Hallucinative-Insecure GPT Code Generation

5 min readJun 12, 2023

When AI Code Assistants Start Seeing Unicorns in Your Code

Recently, we’ve come across several articles that discuss the potential risks and security challenges posed by AI code assistants. These articles have piqued our curiosity and led us to question: Are these concerns valid? How do these risks manifest in real-world scenarios? And most importantly, how can we as developers and security professionals mitigate these risks?

So, we’ve decided to put these theories to test.

The Ghost in the Machine

In the realm of software development, the advent of AI code assistants like OpenAI’s Codex or Facebook’s InCoder has been nothing short of revolutionary. These tools, powered by Generative Pretrained Transformers, have the potential to streamline the coding process, automate mundane tasks, and even provide solutions to complex programming challenges.
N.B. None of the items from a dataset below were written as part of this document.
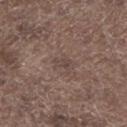The lesion was photographed on a routine skin check and not biopsied; there is no pathology result. Cropped from a whole-body photographic skin survey; the tile spans about 15 mm. The lesion is located on the left lower leg. The tile uses white-light illumination. A male subject roughly 70 years of age. Automated image analysis of the tile measured a mean CIELAB color near L≈43 a*≈14 b*≈20, a lesion–skin lightness drop of about 6, and a lesion-to-skin contrast of about 5 (normalized; higher = more distinct). And it measured a color-variation rating of about 0.5/10 and radial color variation of about 0. The lesion's longest dimension is about 2.5 mm.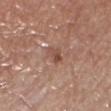Impression:
Part of a total-body skin-imaging series; this lesion was reviewed on a skin check and was not flagged for biopsy.
Context:
Located on the leg. A roughly 15 mm field-of-view crop from a total-body skin photograph. A female subject in their mid- to late 70s.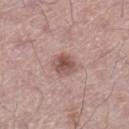Q: Was a biopsy performed?
A: no biopsy performed (imaged during a skin exam)
Q: Where on the body is the lesion?
A: the leg
Q: What kind of image is this?
A: ~15 mm crop, total-body skin-cancer survey
Q: How was the tile lit?
A: white-light illumination
Q: What did automated image analysis measure?
A: an automated nevus-likeness rating near 75 out of 100 and a lesion-detection confidence of about 100/100
Q: Patient demographics?
A: male, about 50 years old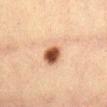Clinical summary:
The tile uses cross-polarized illumination. A female patient, about 40 years old. A region of skin cropped from a whole-body photographic capture, roughly 15 mm wide. From the front of the torso.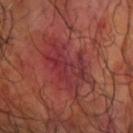{"biopsy_status": "not biopsied; imaged during a skin examination", "lesion_size": {"long_diameter_mm_approx": 6.0}, "patient": {"sex": "male", "age_approx": 60}, "lighting": "cross-polarized", "automated_metrics": {"area_mm2_approx": 16.0, "shape_asymmetry": 0.4, "border_irregularity_0_10": 6.5, "color_variation_0_10": 6.0, "peripheral_color_asymmetry": 2.5, "lesion_detection_confidence_0_100": 85}, "site": "right forearm", "image": {"source": "total-body photography crop", "field_of_view_mm": 15}}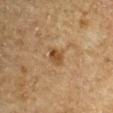subject = male, about 65 years old
size = about 2.5 mm
tile lighting = cross-polarized illumination
anatomic site = the left upper arm
image = 15 mm crop, total-body photography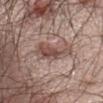Q: Lesion size?
A: ~5 mm (longest diameter)
Q: Who is the patient?
A: male, in their 50s
Q: Where on the body is the lesion?
A: the chest
Q: Illumination type?
A: white-light illumination
Q: How was this image acquired?
A: 15 mm crop, total-body photography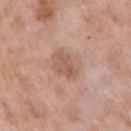| field | value |
|---|---|
| workup | no biopsy performed (imaged during a skin exam) |
| image | ~15 mm tile from a whole-body skin photo |
| image-analysis metrics | a footprint of about 7 mm² and a shape-asymmetry score of about 0.25 (0 = symmetric); an average lesion color of about L≈57 a*≈21 b*≈30 (CIELAB) and a normalized border contrast of about 6; a border-irregularity index near 3/10, a color-variation rating of about 3/10, and radial color variation of about 1; a classifier nevus-likeness of about 0/100 and a detector confidence of about 100 out of 100 that the crop contains a lesion |
| location | the right upper arm |
| size | about 3.5 mm |
| subject | female, aged around 70 |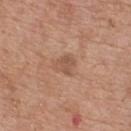Case summary:
• biopsy status: total-body-photography surveillance lesion; no biopsy
• lesion diameter: about 2.5 mm
• site: the upper back
• TBP lesion metrics: a shape eccentricity near 0.6 and a symmetry-axis asymmetry near 0.2; a classifier nevus-likeness of about 0/100 and lesion-presence confidence of about 100/100
• illumination: white-light
• subject: male, aged 78–82
• image: ~15 mm crop, total-body skin-cancer survey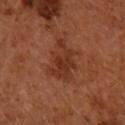| field | value |
|---|---|
| notes | total-body-photography surveillance lesion; no biopsy |
| anatomic site | the arm |
| image | ~15 mm crop, total-body skin-cancer survey |
| patient | female, approximately 65 years of age |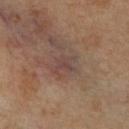Q: Is there a histopathology result?
A: imaged on a skin check; not biopsied
Q: What are the patient's age and sex?
A: female, aged approximately 50
Q: What is the anatomic site?
A: the right lower leg
Q: What kind of image is this?
A: total-body-photography crop, ~15 mm field of view
Q: What did automated image analysis measure?
A: a lesion area of about 5 mm², an eccentricity of roughly 0.75, and two-axis asymmetry of about 0.35; a lesion color around L≈44 a*≈17 b*≈22 in CIELAB, a lesion–skin lightness drop of about 6, and a lesion-to-skin contrast of about 5.5 (normalized; higher = more distinct)
Q: What lighting was used for the tile?
A: cross-polarized illumination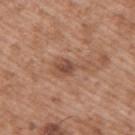image:
  source: total-body photography crop
  field_of_view_mm: 15
lighting: white-light
patient:
  sex: male
  age_approx: 50
lesion_size:
  long_diameter_mm_approx: 4.5
site: upper back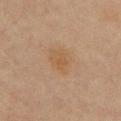notes = total-body-photography surveillance lesion; no biopsy
imaging modality = ~15 mm tile from a whole-body skin photo
subject = female, roughly 45 years of age
location = the chest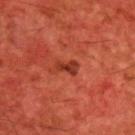workup = catalogued during a skin exam; not biopsied
subject = male, roughly 60 years of age
site = the upper back
illumination = cross-polarized
lesion size = ≈2.5 mm
image-analysis metrics = an average lesion color of about L≈36 a*≈34 b*≈34 (CIELAB) and roughly 10 lightness units darker than nearby skin; border irregularity of about 3.5 on a 0–10 scale, a within-lesion color-variation index near 1/10, and radial color variation of about 0.5; a classifier nevus-likeness of about 35/100 and lesion-presence confidence of about 100/100
image source = 15 mm crop, total-body photography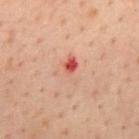The lesion was photographed on a routine skin check and not biopsied; there is no pathology result.
Longest diameter approximately 3.5 mm.
From the mid back.
The total-body-photography lesion software estimated a footprint of about 6 mm², a shape eccentricity near 0.55, and two-axis asymmetry of about 0.4. And it measured a mean CIELAB color near L≈48 a*≈22 b*≈26, roughly 7 lightness units darker than nearby skin, and a lesion-to-skin contrast of about 6 (normalized; higher = more distinct).
This image is a 15 mm lesion crop taken from a total-body photograph.
A male patient, about 40 years old.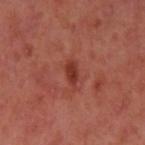Clinical impression: The lesion was tiled from a total-body skin photograph and was not biopsied. Context: Captured under cross-polarized illumination. The lesion-visualizer software estimated an eccentricity of roughly 0.85 and a symmetry-axis asymmetry near 0.25. And it measured a lesion color around L≈36 a*≈31 b*≈29 in CIELAB and a normalized lesion–skin contrast near 8. The analysis additionally found a border-irregularity rating of about 2.5/10, a color-variation rating of about 1.5/10, and radial color variation of about 0.5. The software also gave lesion-presence confidence of about 100/100. Cropped from a total-body skin-imaging series; the visible field is about 15 mm. The patient is a female approximately 40 years of age. On the left upper arm. Approximately 2.5 mm at its widest.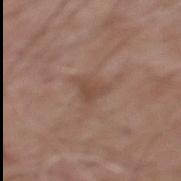workup: no biopsy performed (imaged during a skin exam); lesion diameter: ~3 mm (longest diameter); image: total-body-photography crop, ~15 mm field of view; lighting: white-light illumination; anatomic site: the mid back; subject: male, aged around 60.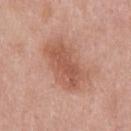No biopsy was performed on this lesion — it was imaged during a full skin examination and was not determined to be concerning.
A male subject, approximately 55 years of age.
From the front of the torso.
A lesion tile, about 15 mm wide, cut from a 3D total-body photograph.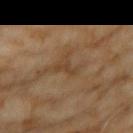  biopsy_status: not biopsied; imaged during a skin examination
  patient:
    sex: female
    age_approx: 60
  automated_metrics:
    area_mm2_approx: 4.5
    eccentricity: 0.8
    shape_asymmetry: 0.65
    cielab_L: 38
    cielab_a: 15
    cielab_b: 29
    vs_skin_contrast_norm: 5.5
    nevus_likeness_0_100: 0
    lesion_detection_confidence_0_100: 55
  image:
    source: total-body photography crop
    field_of_view_mm: 15
  lighting: cross-polarized
  lesion_size:
    long_diameter_mm_approx: 3.5
  site: left upper arm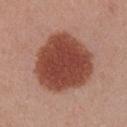Impression:
This lesion was catalogued during total-body skin photography and was not selected for biopsy.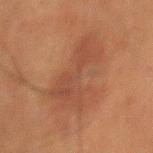| feature | finding |
|---|---|
| follow-up | catalogued during a skin exam; not biopsied |
| anatomic site | the mid back |
| patient | male, aged 48–52 |
| image source | ~15 mm tile from a whole-body skin photo |
| lighting | cross-polarized |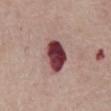• notes: catalogued during a skin exam; not biopsied
• subject: male, in their mid-80s or older
• illumination: white-light
• lesion size: ~4 mm (longest diameter)
• acquisition: 15 mm crop, total-body photography
• site: the abdomen
• image-analysis metrics: a lesion area of about 11 mm² and an outline eccentricity of about 0.65 (0 = round, 1 = elongated); a lesion color around L≈40 a*≈28 b*≈17 in CIELAB and a normalized lesion–skin contrast near 16.5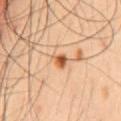Captured during whole-body skin photography for melanoma surveillance; the lesion was not biopsied.
The patient is a male aged 33 to 37.
From the chest.
The total-body-photography lesion software estimated a border-irregularity rating of about 2.5/10, a color-variation rating of about 4.5/10, and a peripheral color-asymmetry measure near 1.5. And it measured a nevus-likeness score of about 100/100 and a lesion-detection confidence of about 100/100.
The recorded lesion diameter is about 2 mm.
This image is a 15 mm lesion crop taken from a total-body photograph.
This is a cross-polarized tile.

However, as with any powerful tool, they come with their own set of risks and challenges.

The Hallucinative Nature of GPTs

GPTs are trained on vast amounts of data, learning patterns and structures that allow them to generate human-like text. However, this learning process can sometimes lead to what is known as “hallucinative” or “insecure” code generation. This is when the AI produces code that appears to be correct and functional but is, in fact, based on patterns that the AI has “hallucinated” from its training data, rather than on sound programming principles.

The Security Implications

This nature of GPTs can lead to serious security implications. A recent study [5] found that using an AI assistant often resulted in more security vulnerabilities across multiple questions. The AI assistant often outputs code that, while satisfying “correctness”, it lacks the necessary context to ensure security, and in some cases, can create code that unintentionally introduces security vulnerabilities.

Generating an Insecure Cipher

Consider a developer who is using an AI assistant to create a function for encrypting sensitive user data. The developer might ask the AI assistant for help with a prompt like:

“Write a function in Python to encrypt a string using a cipher.”

At first glance, this function appears to work correctly. It takes an input string and a key, and it returns an encrypted string. However, the encryption method used here is a simple Caesar cipher, which is a type of substitution cipher. This type of cipher is trivial to crack and is not suitable for encrypting sensitive data.

In this case, the AI assistant has generated code that is “correct” in the sense that it performs encryption as requested, but it lacks the necessary context to understand that a secure encryption method is needed. As a result, it has unintentionally introduced a security vulnerability.

Employing an Insecure Authentication

Here’s another example. Imagine a developer is working on a web application and asks the AI assistant to generate a function to authenticate users based on their username and password. The developer might ask:

“Write a function in Node.js to authenticate a user.”

As generated result, it searches for a user in the database with the provided username, and if it finds a match, it checks if the provided password matches the stored password. If both match, the function returns true, indicating that the authentication was successful.

However, from a security perspective, this function is a disaster waiting to happen. It’s comparing plaintext passwords, which implies that the system is storing user passwords in plaintext in the database. This is a major security flaw. In a secure system, passwords should be hashed and salted before they are stored, and the comparison should be done on the hashed and salted values, not on the plaintext passwords. This practice may impact to the developer mindset.

The Threat of Malicious and Outdated Packages

Another risk associated with AI code generation is the potential for the inclusion of malicious or outdated packages in the generated code. AI assistants, in their quest to provide a solution, might suggest the use of a package that has known vulnerabilities or has been deprecated. This could expose the application to potential security risks and make it harder to maintain in the long run.

A well-known example of a supply chain attack is the event-stream incident in the Node.js ecosystem. In this case, a malicious actor gained access to the event-stream npm package and introduced a dependency on a new package, flatmap-stream, which contained malicious code. The malicious code was designed to steal cryptocurrency from specific applications that used the event-stream package.

The developer might ask the AI assistant:

“Write a function in Node.js to read data from a stream.”

This code is correct and will work as expected. However, if the version of event-stream used is 3.3.6 (the compromised version), the application is now exposed to the malicious code in the flatmap-stream package. In this case, the AI assistant, in its quest to provide a solution, has unintentionally introduced a malicious package into the application.

This example underscores the importance of using up-to-date and secure packages, and the potential risks of supply chain attacks in the software development process.

The Impact on Developers and Security Professionals

These risks and challenges have significant implications for both developers and security professionals.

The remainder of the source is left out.